As FierceHealthIT reported this week, the Department of Health & Human Services (HHS) wants to change current rules to give patients direct electronic access to their lab results.

HHS Secretary Kathleen Sebelius and other proponents of amending patient privacy provisions of the Clinical Laboratory Improvement Amendments of 1988 (CLIA) and the Health Insurance Portability and Accountability Act of 1996 (HIPAA) say the move will help empower patients and encourage them to take more control of their health.

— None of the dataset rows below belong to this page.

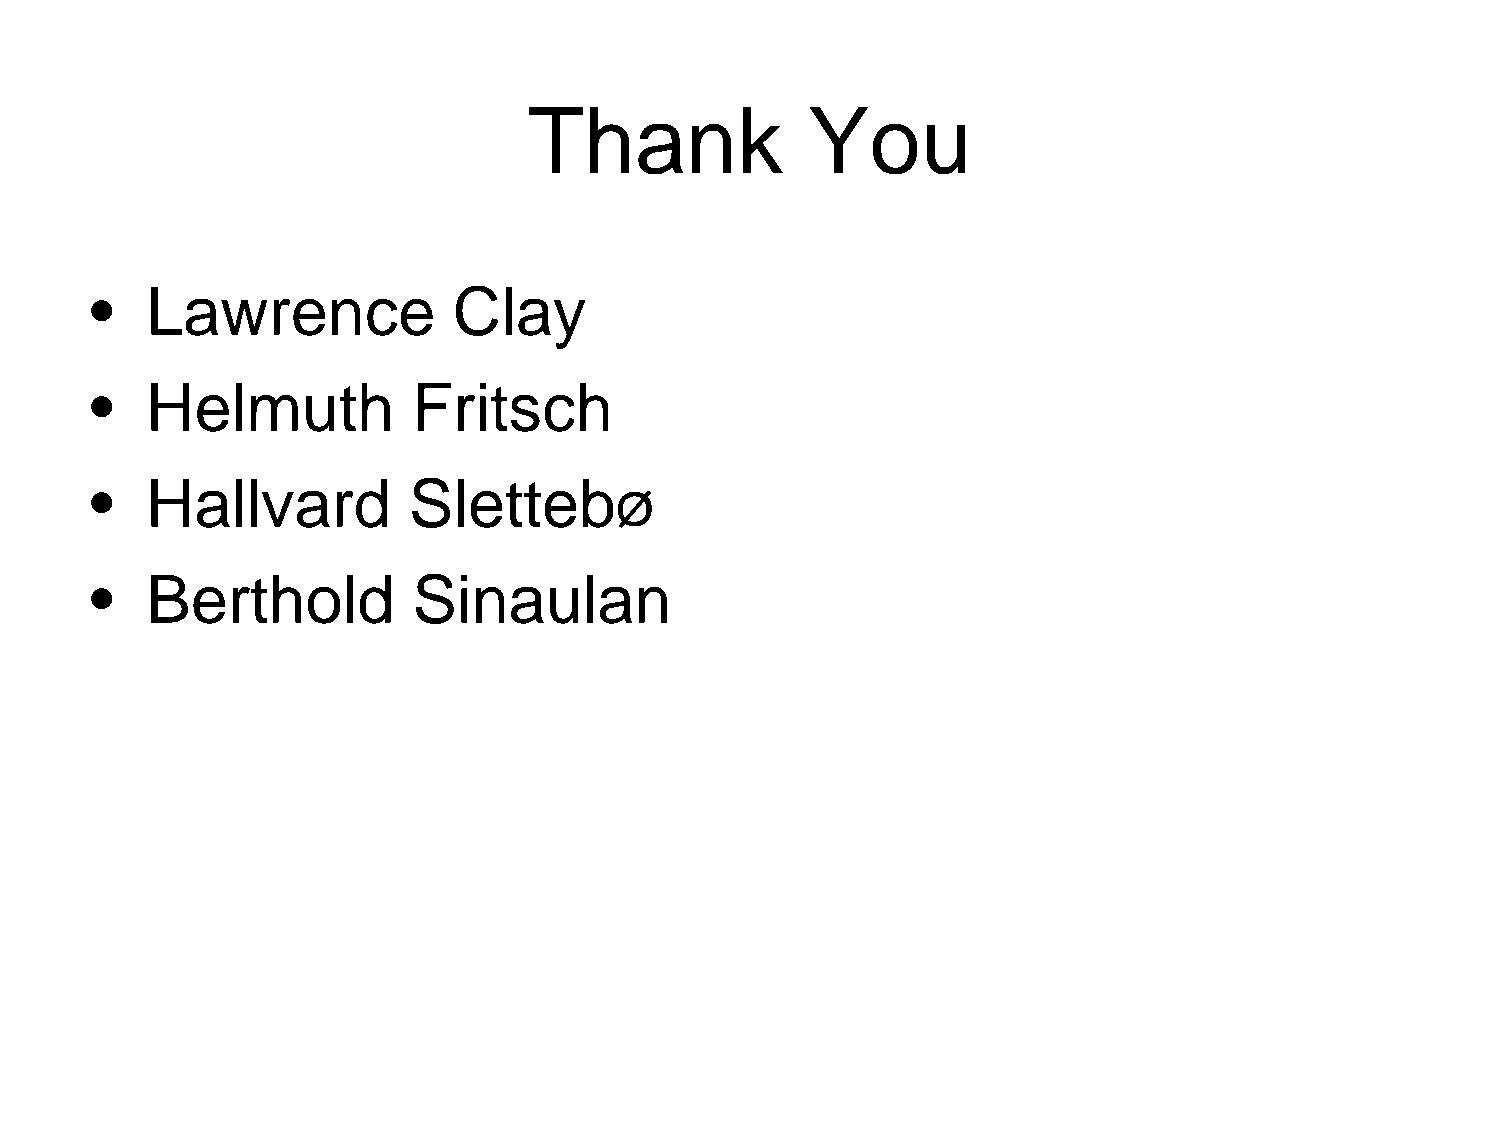
Thank              You
 •   Lawrence            Clay
 •   Helmuth          Fritsch
 •   Hallvard         Slettebø
 •   Berthold         Sinaulan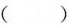
()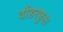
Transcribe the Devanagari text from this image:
वोंडरफुल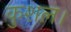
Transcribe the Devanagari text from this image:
कुशल।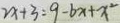
2 x + 3 = 9 - b x + x ^ { 2 }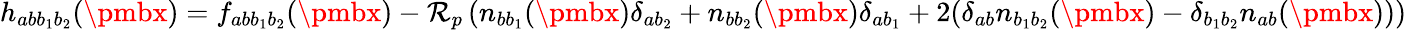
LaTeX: h_{abb_{1}b_{2}}({\pmbx})=f_{ab{b}_{1}b_{2}}({\pmbx})-\mathcal{R}_{p}\left(n_{bb_{1}}({\pmbx})\delta_{ab_{2}}+n_{bb_{2}}({\pmbx})\delta_{ab_{1}}+2(\delta_{ab}n_{b_{1}b_{2}}({\pmbx})-\delta_{b_{1}b_{2}}n_{ab}({\pmbx}))\right)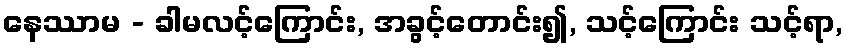
နေဿာမ - ခါမလင့်ကြောင်း, အခွင့်တောင်း၍, သင့်ကြောင်း သင့်ရာ,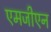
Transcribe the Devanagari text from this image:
एमजीएन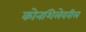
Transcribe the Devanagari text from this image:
कोनशिलेवरील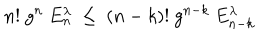
n ! ~ g ^ { n } ~ E _ { n } ^ { \lambda } ~ \le ~ ( n - k ) ! ~ g ^ { n - k } ~ E _ { n - k } ^ { \lambda } ~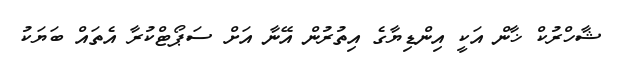
ޝާހްރުކް ޚާން އަކީ އިންޑިޔާގެ އިތުރުން އޭނާ އަށް ސަޕޯޓްކުރާ އެތައް ބަޔަކު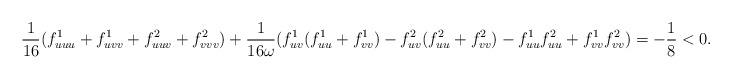
LaTeX: \begin{align*}\frac{1}{16}(f^1_{uuu}+f^1_{uvv}+f^2_{uuv}+f^2_{vvv})+\frac{1}{16\omega}(f^1_{uv}(f^1_{uu}+f^1_{vv})-f^2_{uv}(f^2_{uu}+f^2_{vv}) - f^1_{uu}f^2_{uu}+f^1_{vv}f^2_{vv})=-\frac{1}{8}<0.\end{align*}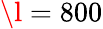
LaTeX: \l=800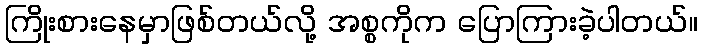
ကြိုးစားနေမှာဖြစ်တယ်လို့ အစ္စကိုက ပြောကြားခဲ့ပါတယ်။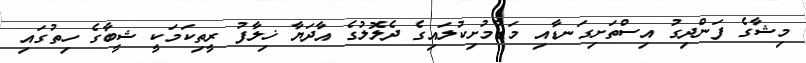
މިޝާގެ ފަންދިގު އިސްތަށިގަނޑާއި މަޑުމުށިކުލައިގެ ދެލޮލުގެ އާދަޔާ ޚިލާފު ރީތިކަމަކީ ޝީބާގެ ހިތުގައި

But not all physicians are eager to give up their role in conveying test results to patients, primarily out of concern that patients may misinterpret the data. "Lab results often contain a lot of information. A patient downloading many raw lab results from the Internet may be overwhelmed by lots of tiny, insignificant abnormalities that could each demand an individual explanation--and cause significant worry until those concerns are dealt with," Dr. J. Fred Ralston, former president of the American College of Physicians and a practicing internist at Fayetteville Medical Associates (Tenn.), told InformationWeek Healthcare. "We also need to understand that no table or explanation can fully describe different ranges of normal. In some cases what a patient might think is a normal reading for them may not be the case," Ralston added.

However, executives at Quest Diagnostics, which already has nearly 100,000 patients using its 11-month old app, Gazelle, to access test results via their smartphones, say that the 48-hour lag time between when physicians get results and their patients does give doctors enough time to share and discuss the results personally first.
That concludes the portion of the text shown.